Animation Artifacts &Books 21 Jun 2007 07:32 am

Illustrated Animal Farm I

- When the film Animal Farm was released, a tie-in book was published which republished George Orwell‘s novel with line drawings from the film by “Joy Batchelor and John Halas.” I somehow doubt they did the illustrations, but obviously one person within the studio did do the work. It has the look of a single hand.

There are some 35 spot illustrations, so to showcase them all I’ve decided to break this up into two separate postings. Part II will be up next week.
Here’s the first group:

This is the book’s dustcover._________________________ (Click any image to enlarge.)

This is the double/title page.

Each chapter has its own heading, and there are usually one to two stills within the body of each chapter.

Some of the illustrations, like this one, spread across two pages under the type.

For those of you unfamiliar with this story, it tells the tale of a farm wherein the animals are mistreated.

Under the guidance of the pigs, the animals take over the farm and create an animal collective.

However, the pigs grow lazy and do less of the work as they take charge of the others.

They eat more than their share of the food and mistreat the animals who do the greatest amount of work.

As animals begin to die under the guidance of the lazy pigs, there is some grumbling among the masses.

The pigs dominate and rule with a heavy hand.

Boxer, the horse, is the figure of strength and symbolically the real leader of the animals.

You can watch Animal Farm on YouTube by going here.

8 Responses to “Illustrated Animal Farm I”

  1. on 21 Jun 2007 at 9:53 am 1.Rudy Agresta said …

    Hi Michael,

    I believe I read in HALAS AND BATCHELOR CARTOONS by Vivien Halas that her mom, Joy, did those illustrations for the book.

  2. on 22 Jul 2007 at 10:54 pm 2.Chris Rushworth said …

    Hi Michael.

    I have a copy of the illustrated Animal Farm, signed by Halas and Batchelor, 1955. It is one of many collectibles I own related to the animated film. A comic strip serialisation of Animal Farm was also published in newspapers and other periodicals to coincide with the film’s release, in the UK at least. I have a book with all the serialisation drawings which were by Harold Whitaker, one of the animators on the project.

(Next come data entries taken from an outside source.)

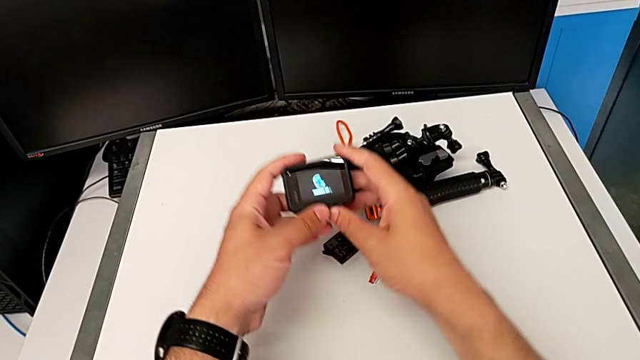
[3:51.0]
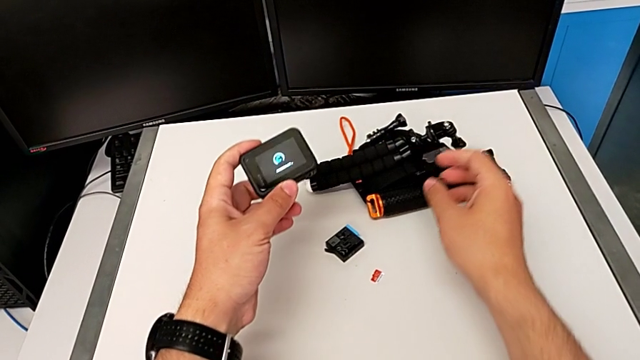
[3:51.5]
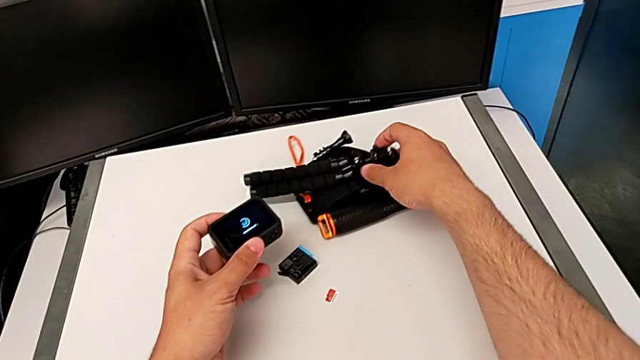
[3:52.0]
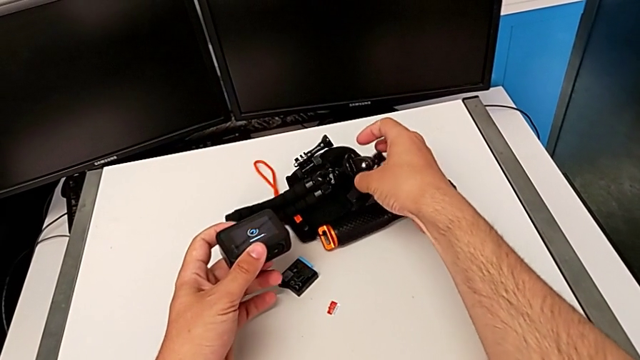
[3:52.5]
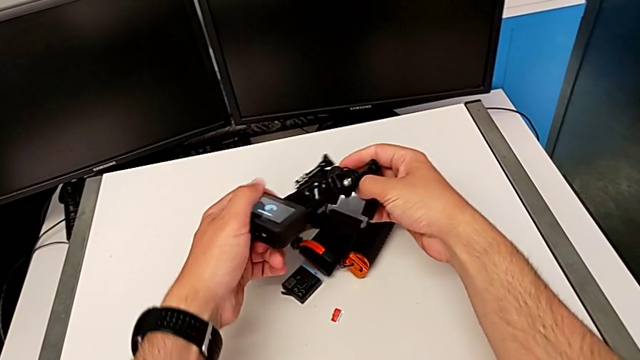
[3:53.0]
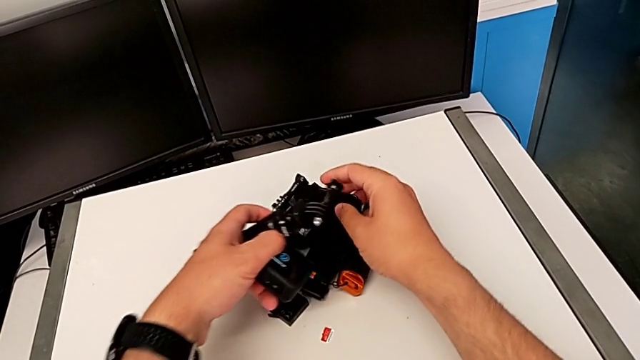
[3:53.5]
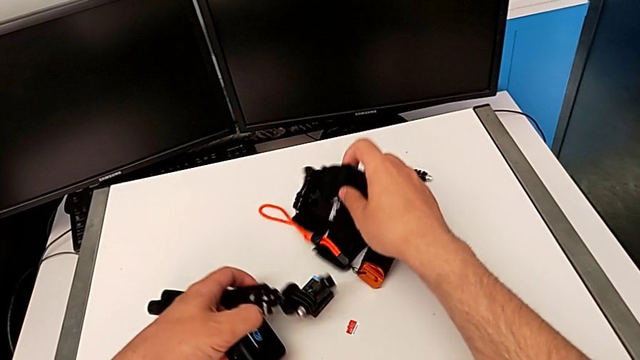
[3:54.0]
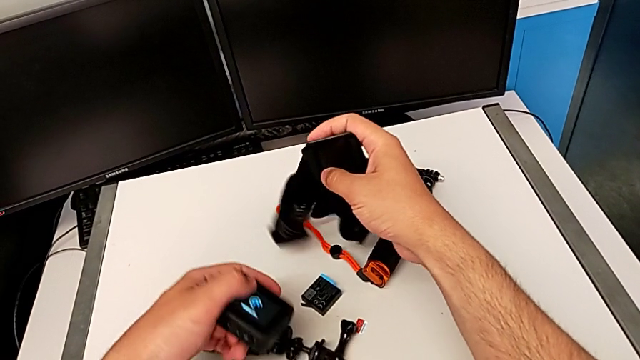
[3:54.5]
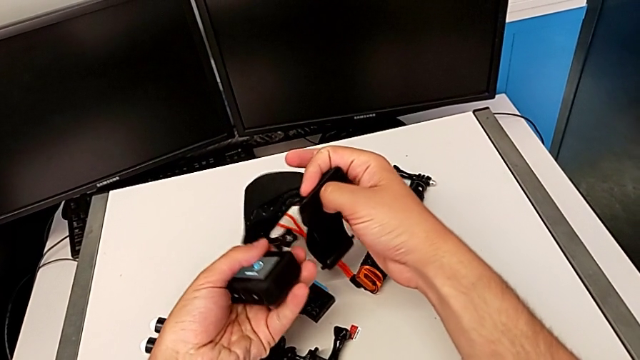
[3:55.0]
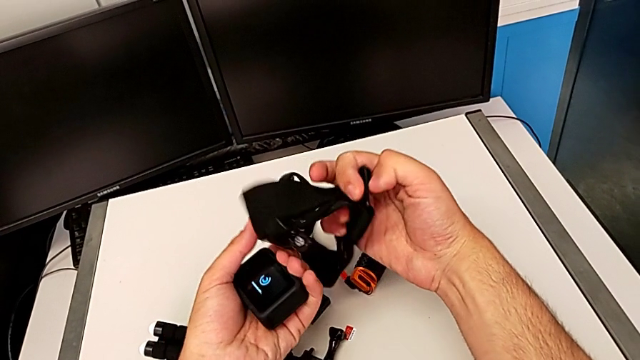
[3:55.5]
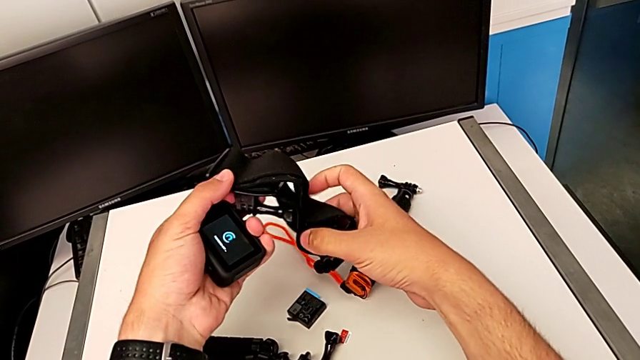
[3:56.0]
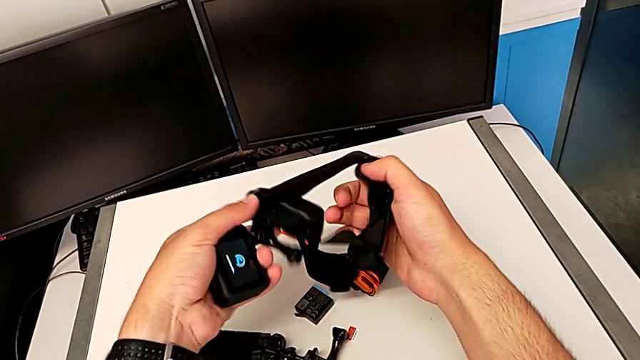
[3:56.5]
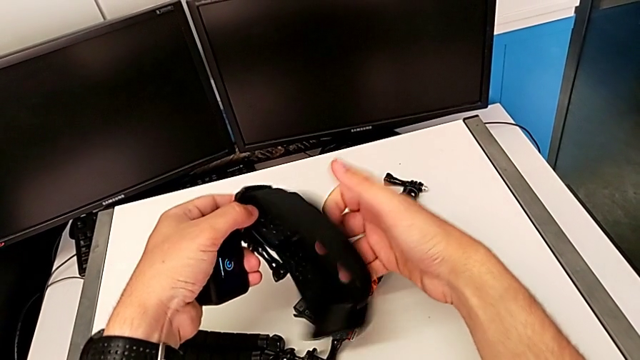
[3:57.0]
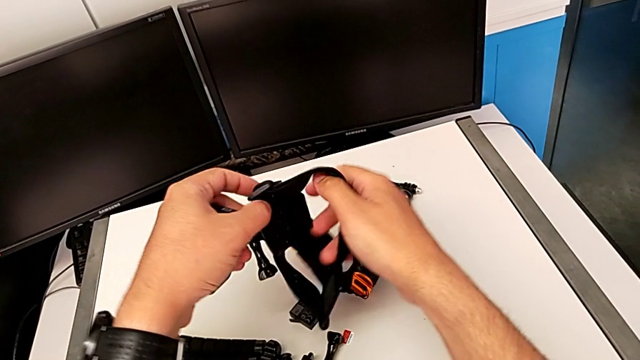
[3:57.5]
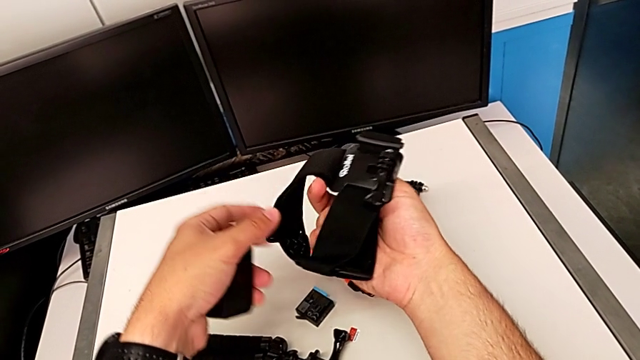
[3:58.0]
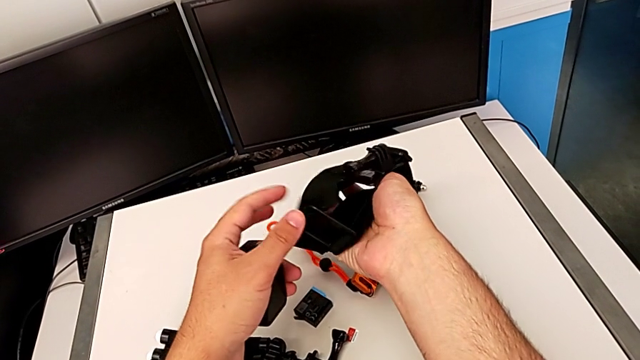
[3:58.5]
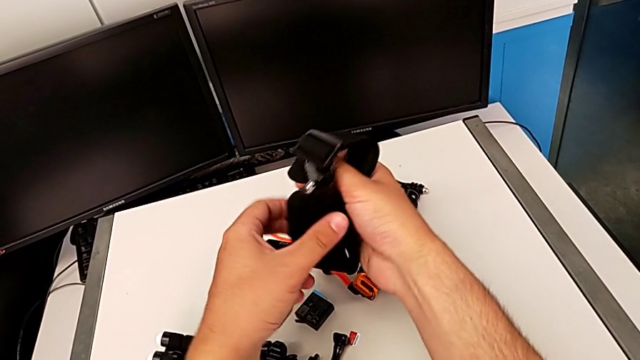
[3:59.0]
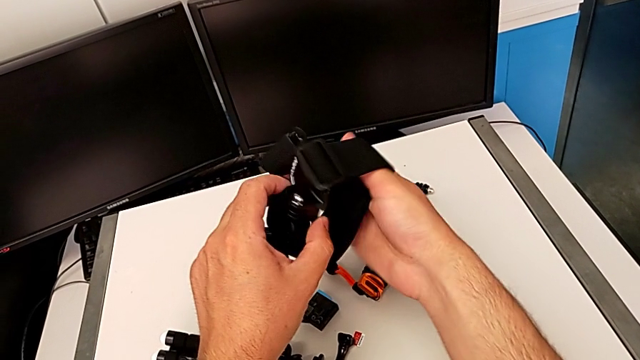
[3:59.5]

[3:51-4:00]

    When I have TIME I will post all my cels, drawings, posters, publications and figurines on the website.


  3. on 23 Jul 2007 at 7:57 am 3.Michael said …

    Animal Farm made quite an impression on me when I first saw it in the early 60′s. I was young and had not seen any such serious animation before. It was a profound moment for me.

    I look forward to seeing more of your collection on your site. I have a few drawings and cels, myself. I’ve been a fan of Harold Whitaker’s work for some time. I’ve done a couple of reviews of his book on this blog and have praised him often. You might check here if you want to read one.

  4. on 17 Mar 2009 at 2:44 am 4.Maurice Nkawihe said …

    i once heard of it and i gave a try to read it but ooH! its best fair Story though some might crticise it. I think people especially africans need to read it and understand how our leaders come with promises and great honour to our fallen heros just to win and ill treat us. its a kind of philosophy that stands the test of time

  5. on 13 Jul 2009 at 4:51 am 5.John said …

    Did Part Two ever get put on this site?

  6. on 13 Jul 2009 at 7:29 am 6.Michael said …

    Part II is here (a few days later.)

  7. on 22 Jul 2009 at 5:12 am 7.John said …

    Thanks. I am reading Animal Farm with EFL students in Thailand and these drawings will be very useful, as I would like them to produce some project work such asd a cartoon version, spoof newspaper articles et cetera.

  8. on 10 Mar 2010 at 3:30 am 8.Lawrence said …

    Thanks for publishing these illustrations. Animal Farm is one of my favorite Classics, and my copy of the illustrated edition has, alas, disappeared.

    I was a bit disappointed that you didn’t show one of my favorite illustrations: the new generation of piglets cavorting in the farmhouse garden under the admiring gaze of Napoleon. The ribbons on the pig’s tails is a harbinger of the final blow to the animal’s revolution.